Janet Flanner
(1892-1978), journalist
Born in Indianapolis, Indiana, on March 13, 1892, Janet Flanner was the child of Quakers. She attended the University of Chicago in 1912-14 and then returned to Indianapolis and took a job with the Indianapolis Star, becoming the paper's first movie critic in 1916. After a brief marriage and a sojourn in
New York City, she traveled through Europe, eventually settling in Paris in 1922. She lived there until 1975 (except for the war years 1939-44). A friend of Harold Ross, she was hired by him in 1925 to write a periodic "Letter from Paris" for his new magazine, The New Yorker. Signed by "Genêt," the articles contained observations on politics, art, theater, French culture, and various personalities.

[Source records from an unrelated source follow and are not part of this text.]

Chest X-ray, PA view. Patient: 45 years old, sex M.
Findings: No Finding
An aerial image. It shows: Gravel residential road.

The letters were characterized from the first by remarkable sensibility, wit, and clarity. Flanner's reportage was sophisticated, insightful, and cosmopolitan and proved a valuable asset to The New Yorker. In the 1930s Flanner occasionally contributed a "Letter from London." She also wrote several penetrating contributions to the New Yorker's "Profile" series, notably those on Adolf Hitler, Thomas Mann, Edith Wharton, Jean Cocteau, André Gide, Picasso, Albert Camus, Jean-Paul Sartre, Colette, Igor Stravinsky, Josephine Baker, Maurice Ravel, Edith Piaf, and Elsa Maxwell, among many others. Those and other pieces constitute An American in Paris: Profile of an Interlude Between Two Wars (1940).
Flanner a habité à New York City pendant les années de guerre suivantes, écriture immobile pour le nouveau Yorker. Elle est allée de nouveau à Paris en 1944 et l'a continuée des "lettres" jusque finalement au renvoi à Manhattan en 1975.

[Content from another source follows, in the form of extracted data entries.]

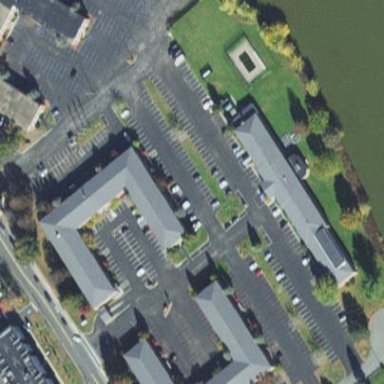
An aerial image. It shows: Paved parking aisle in service road.
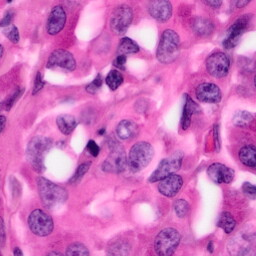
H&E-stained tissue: Pancreatic
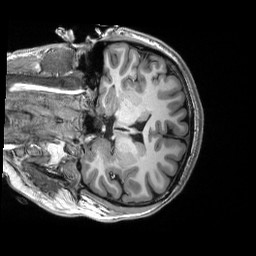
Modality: T1w
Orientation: coronal
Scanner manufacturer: siemens
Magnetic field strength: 3 T
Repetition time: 2.53 s
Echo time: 0.0033 s

Les la plupart d'elle des essais ont été rassemblées en Men et Monuments (1957), le journal de Paris, 1944-1965 (1965), le journal de Paris, 1965-1971 (1971), Paris était hier, 1925-1939 (1972), Londres était hier, 1934-1939 (1975), et monde de Janet Flanner: Écritures Arriérées 1932-1975 (1979). En plus de ses collections d'essais, Flanner a écrit un roman, City cubique (1926; 1974) réimprimé, et Chéri de Colette traduit (1920) et mA de Georgette Leblanc luttent l'avec Maeterlinck (les ETATS-UNIS intitulent des souvenirs: Ma Vie Avec Maeterlinck, 1932). Une collection d'elle des lettres à Natalia Murray, autorisée Darlinghissima , a été éditée en 1985. Janet Flanner est mort à New York, New York, novembre 7, 1978.
Bibliographie. Brenda Wineapple, Genêt: Une biographie de Janet Flanner (1989).